W Europie zaczęła niedawno obowiązywać „Ustawa o rynkach cyfrowych”, znacznie ułatwia życie użytkownikom smartfonów. Nakazuje bowiem twórcom systemów Android oraz iOS, udostępnienie swoich platform zewnętrznym sklepom z aplikacjami. W podobnym kierunku podążą teraz Japonia, której parlament przyjął właśnie nowe przepisy, mające na celu zwiększenie konkurencji w branży technologicznej
Japoński parlament przegłosował właśnie ustawę o nazwie Smartphone Software Competition Promotion Act, która jest bardzo zbliżona do europejskiego DMA. Wymaga od firm takich jak Google i Apple, udostępnienia na własnych platformach zewnętrznych sklepów z aplikacjami. Jak donosi The Asahi Shimbun, prawo zabrania również firmom, preferencyjnego traktowania własnych systemów płatności. Muszą więc zapewnić twórcom i wydawcom aplikacji, możliwość korzystania z dowolnej wybranej przez nich platformy płatniczej. Ponadto stanowi, że firmy technologiczne nie mogą nadawać priorytetu swoim aplikacjom i usługom, w wynikach wyszukiwania.
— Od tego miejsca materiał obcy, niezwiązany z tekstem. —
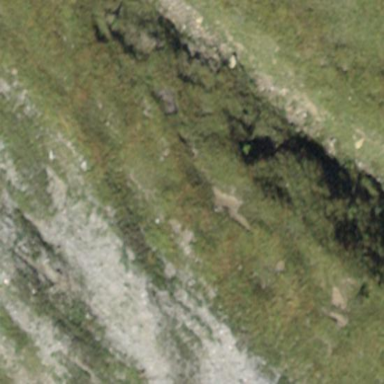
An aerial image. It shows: Natural scree.
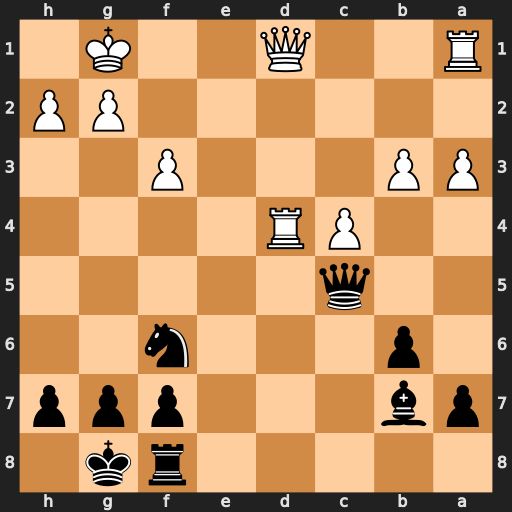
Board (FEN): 5rk1/pb3ppp/1p3n2/2q5/2PR4/PP3P2/6PP/R2Q2K1
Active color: b
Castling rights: -
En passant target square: -
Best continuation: Rd8 b4 Qxd4+ Qxd4 Rxd4
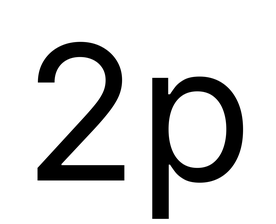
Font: Inter_Regular
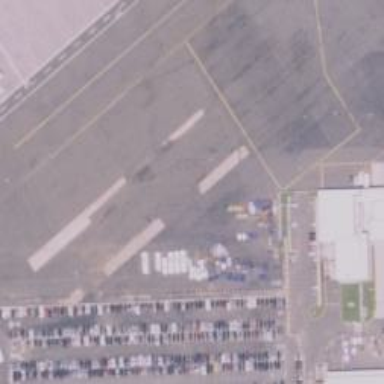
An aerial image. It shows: Apron at the airport.
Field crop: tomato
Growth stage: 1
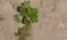
Species: portulaca
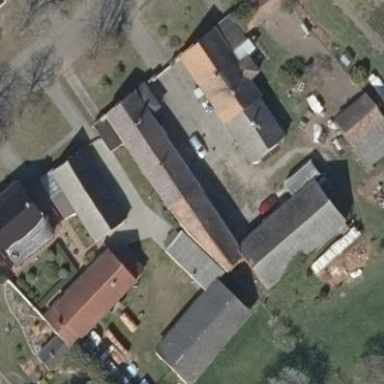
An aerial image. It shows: Simple and straightforward house.
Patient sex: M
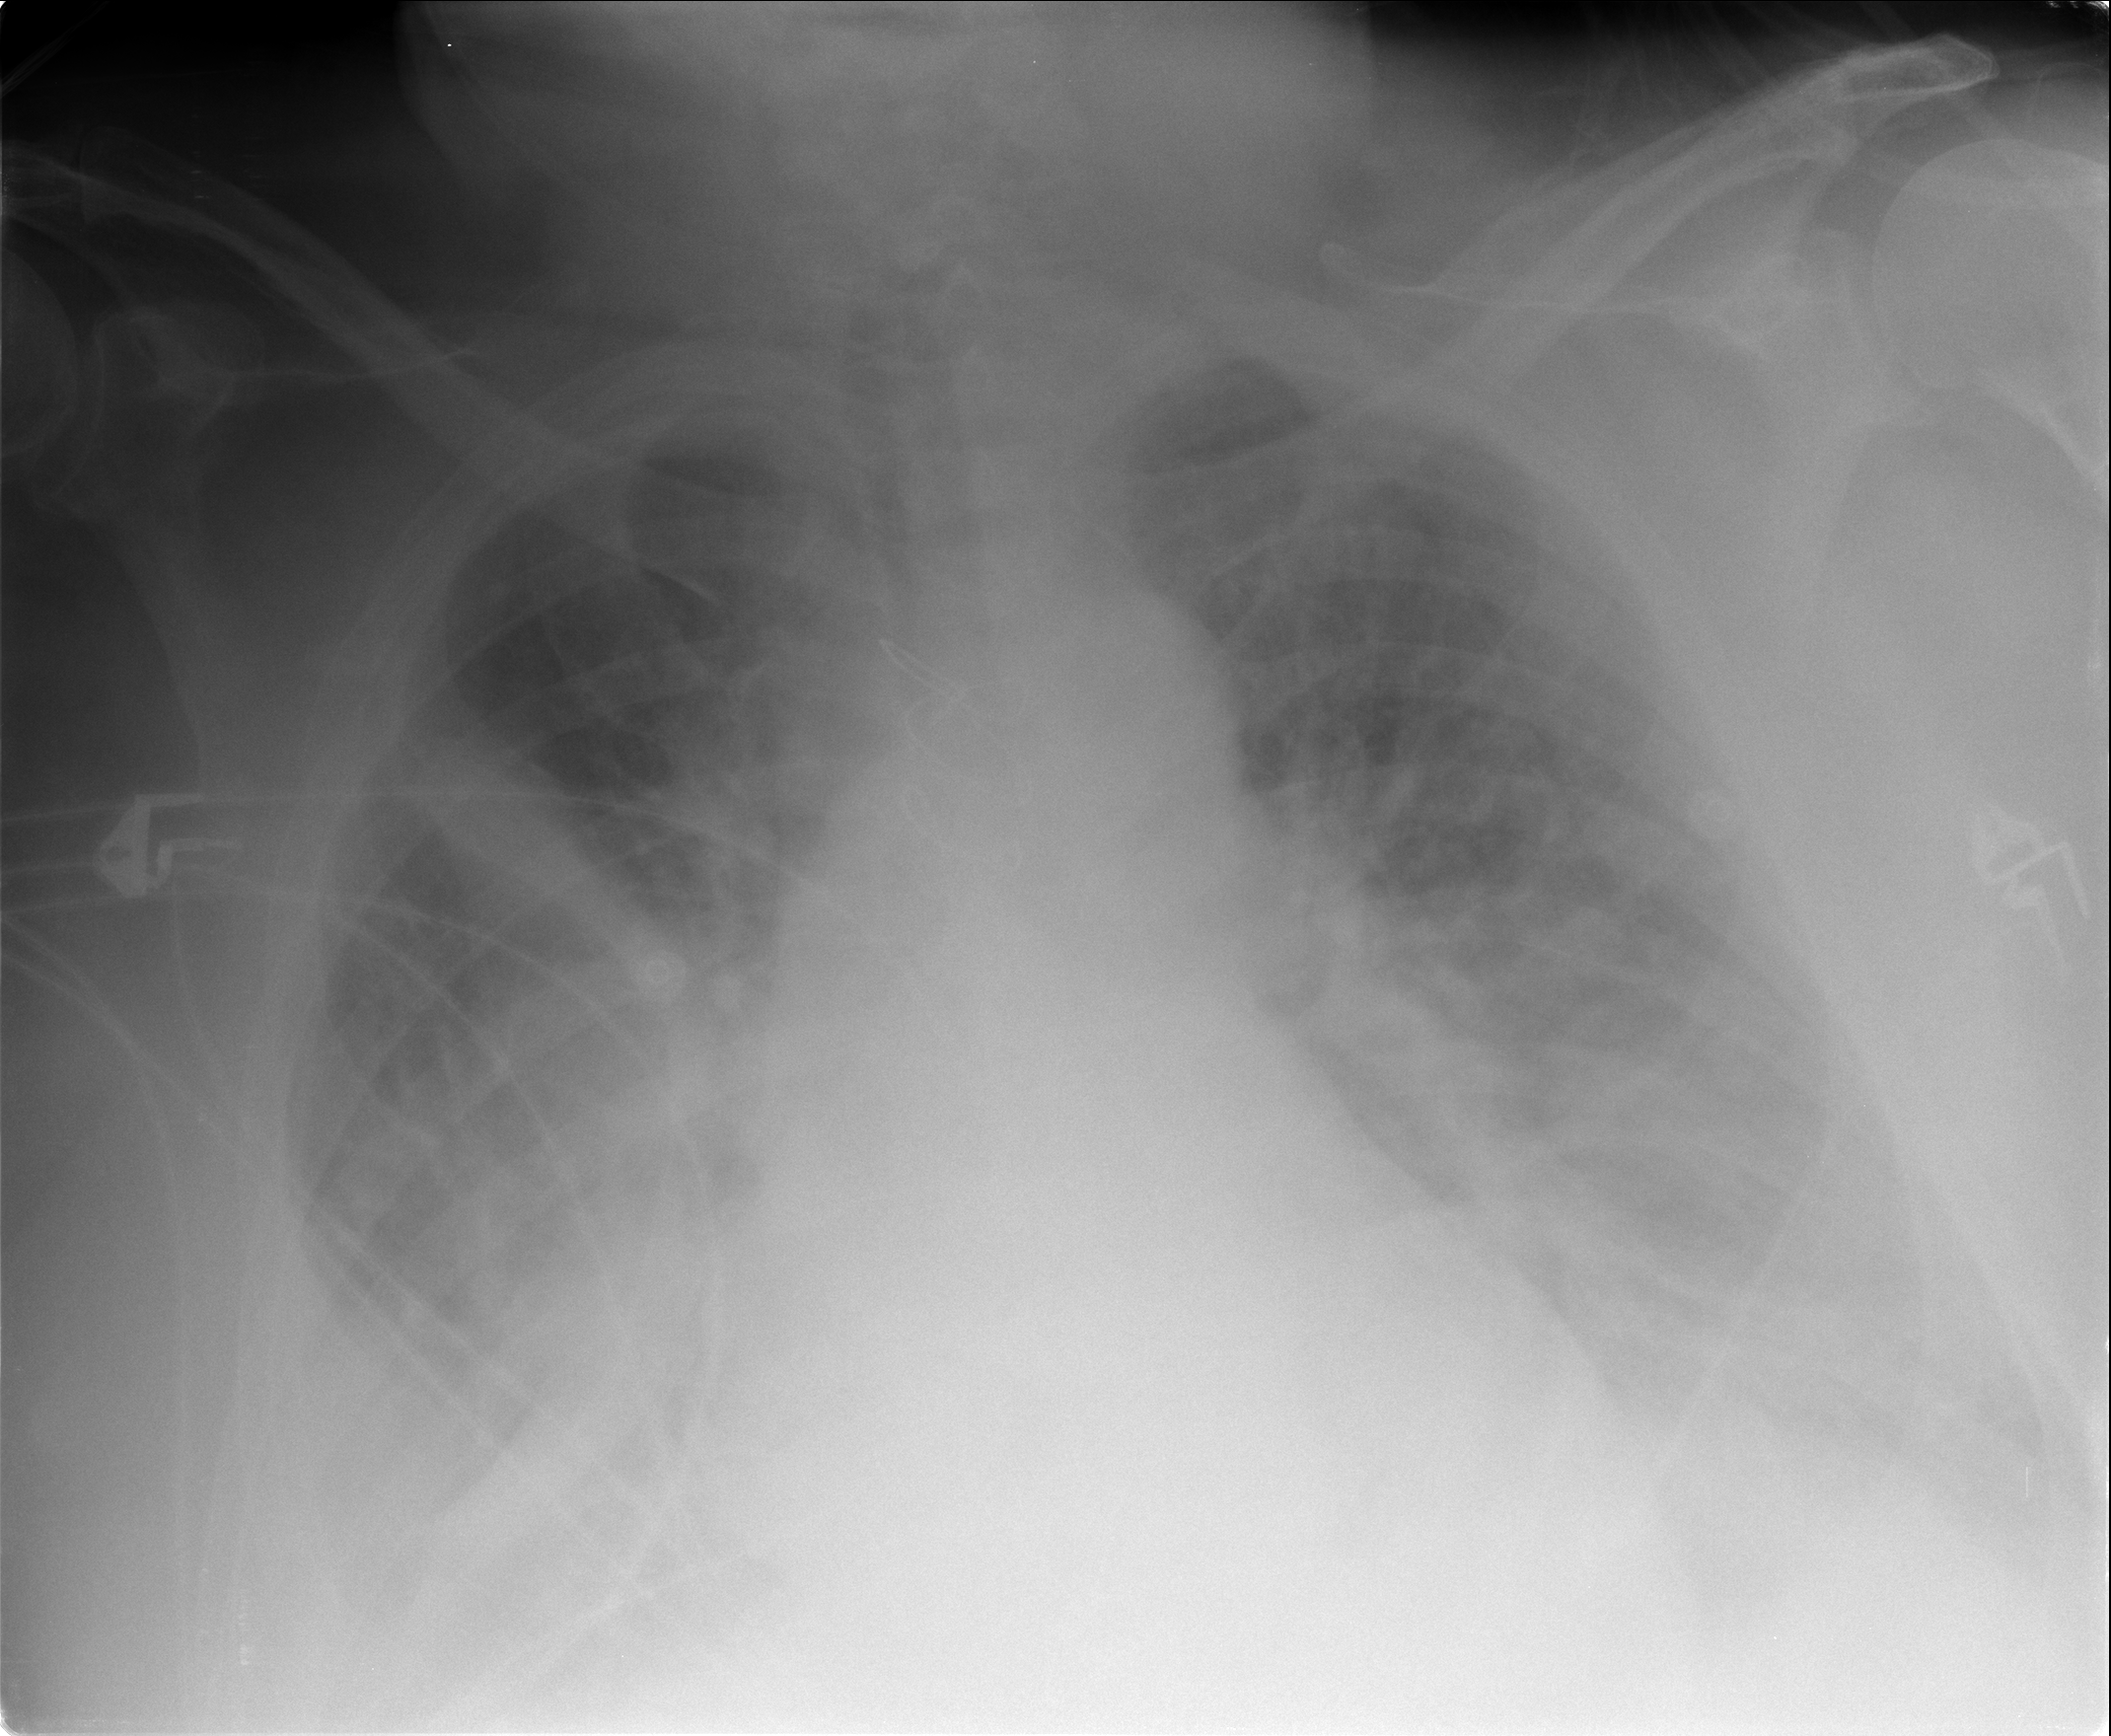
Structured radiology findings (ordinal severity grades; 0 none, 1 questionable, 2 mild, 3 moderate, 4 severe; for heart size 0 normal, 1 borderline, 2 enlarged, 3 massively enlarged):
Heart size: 2
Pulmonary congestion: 0
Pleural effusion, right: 2
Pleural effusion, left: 2
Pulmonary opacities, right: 0
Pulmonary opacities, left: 0
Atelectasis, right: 2
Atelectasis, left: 2

Firmy, które nie podporządkują się nowym przepisom, muszą liczyć się z karami finansowymi, które są wyjątkowo surowe. Za pierwsze wykroczenie jest aż 20% krajowych przychodów, natomiast w przypadku kolejnych naruszeń, grzywna wzrośnie do 30% przychodów.
Nowe przepisy z pewnością spodobają się użytkownikom, gdyż dzięki temu zewnętrzne sklepy z aplikacjami staną dla nich otworem i nie już musieli korzystać wyłącznie z oficjalnych. Ułatwi również życie producentom oprogramowania, którzy będą mogli oferować je za pośrednictwem własnych kanałów dystrybucji. Dodatkowo mogą korzystać z innych systemów płatności niż preferowane przez duże koncerny.